Ein Ruck, die Türen öffnen sich.

Menschen drängen sich in den Zug.

Ich ersteige die Stufen und wende mich um, jetzt kann ich noch fliehen.

Soll ich es wagen?

Mein Fuß pendelt unentschlossen in der Luft.

Ein Mann in Uniform versperrt mir den Weg, er schließt die Türe.

Gefangen!

Ein Pfiff, ein Zeichen und der Zug setzt sich in Bewegung.

Ich blicke mich um, die Enge ist bedrückend jeder freie Fleck auf dem Boden ist schon besetzt. Selbst eine gebrechliche alte Dame sitzt zusammengesackt in einer Ecke. Niemand nimmt Rücksicht auf sie, jeder ist mit sich und seinen wenigen Sachen, die er mitnehmen konnte, beschäftigt.

Ich wende mich ab und suche mir selbst einen Platz wo ich mich hinsetzen könnte. Langsam bewege ich mich vorwärts, jeden Schritt sorgfältig setzend um nicht auf jemand zu treten. Jeder derer an denen ich vorüberkomme versucht mir Platz zu machen, man ist höflich, selbst jetzt noch! Ein alter Mann sitzt auf dem Boden, seinen Hut in den Händen haltend schaut er mit seinen blauen Augen zu mir auf, ich weiß nicht warum - ich muss vorbei.

Mit 2 umsichtigen Schritten zwänge ich mich an ihm vorbei.

Vorwärts, weiter - nur weg!

Weiter vorwärts im fahrenden Zug.

Nach wenigen Metern wird es immer dicht gedrängter und dunkler, sogar hier in dieser dunkelsten Ecke stehen sie gedrängt.

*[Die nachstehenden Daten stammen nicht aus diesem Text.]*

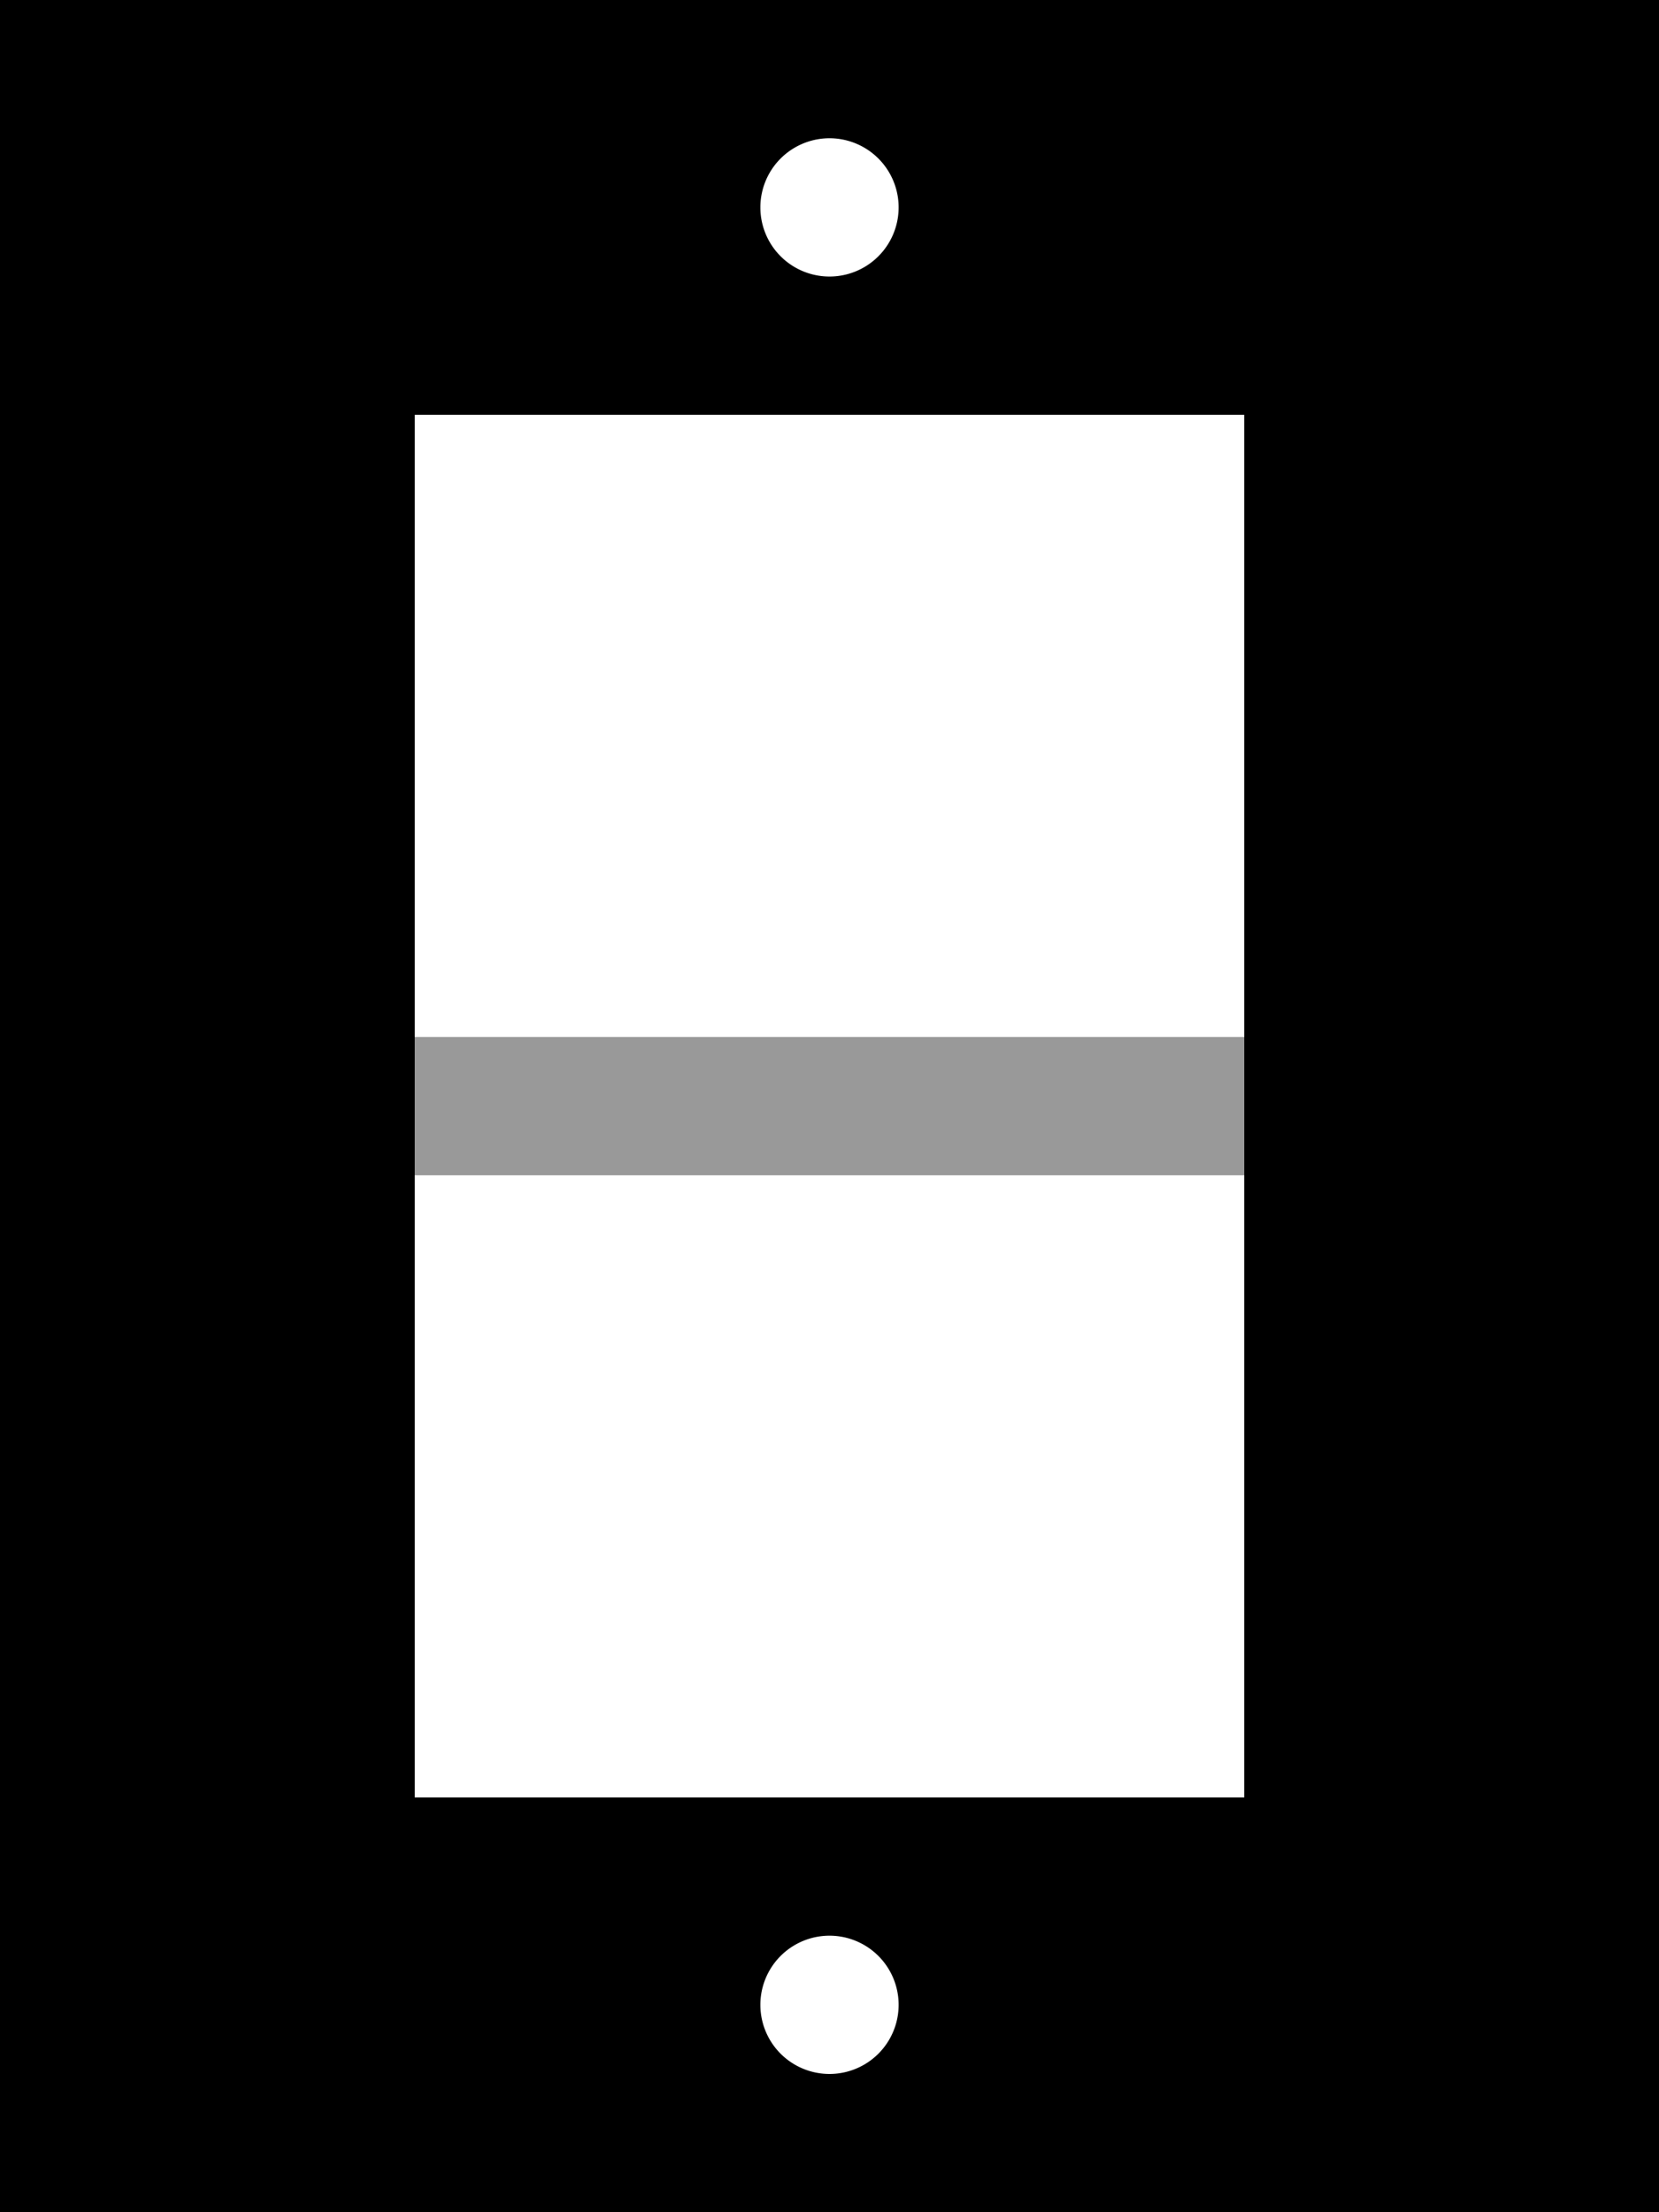 <svg xmlns="http://www.w3.org/2000/svg" viewBox="0 0 384 512"><!--! Font Awesome Pro 6.6.0 by @fontawesome - https://fontawesome.com License - https://fontawesome.com/license (Commercial License) Copyright 2024 Fonticons, Inc. --><path class="fa-secondary" style="fill:inherit;opacity:.4;" d="M96 240l0 32 192 0 0-32L96 240z"/><path class="fa-primary" style="fill:inherit;opacity:1;" d="M0 0L384 0l0 512L0 512 0 0zM96 416l192 0 0-320L96 96l0 320zM208 48a16 16 0 1 0 -32 0 16 16 0 1 0 32 0zm0 416a16 16 0 1 0 -32 0 16 16 0 1 0 32 0z"/></svg>

Ein Mann im Anzug, Zeitung lesend steht in der Menge, nichts sehend, nichts hörend und nichts sagend. Wie als ob er frei wäre, wo wir doch alle gefangen sind. Etwas weiter durch den Knäul aus Menschen sitzt ein Mann auf seinem einzigen Koffer, er starrt vor sich hin. Ich frage mich wo er den Kaffee her hat den er in langsamen vorsichtigen Schlucken trinkt, wie als wäre es sein Letzter. Vorsichtig balanciert er ihn als ich an ihm vorbeidränge, er wirkt sehr traurig - immerhin hat er einen Koffer, auf dem er zumindest sitzen kann. Ein paar Kinder schlafen dicht gedrängt an ihre Mutter auf dem Boden, nichts ahnend wohin es geht - die Mutter weiß es. Mit Schmerz in den Augen schaut sie mich an als ich an ihr vorbeigehe und sie ihre Kinder enger an sich zieht um mir Platz zu machen. Vielleicht wäre ein tröstendes Wort angebracht?

Ach, was hat das noch für einen Sinn?

Der Zug hält, ein weiterer Bahnhof, weitere Menschen, die in den Zug gezwängt werden, wieder ein Pfiff eines Uniformierten.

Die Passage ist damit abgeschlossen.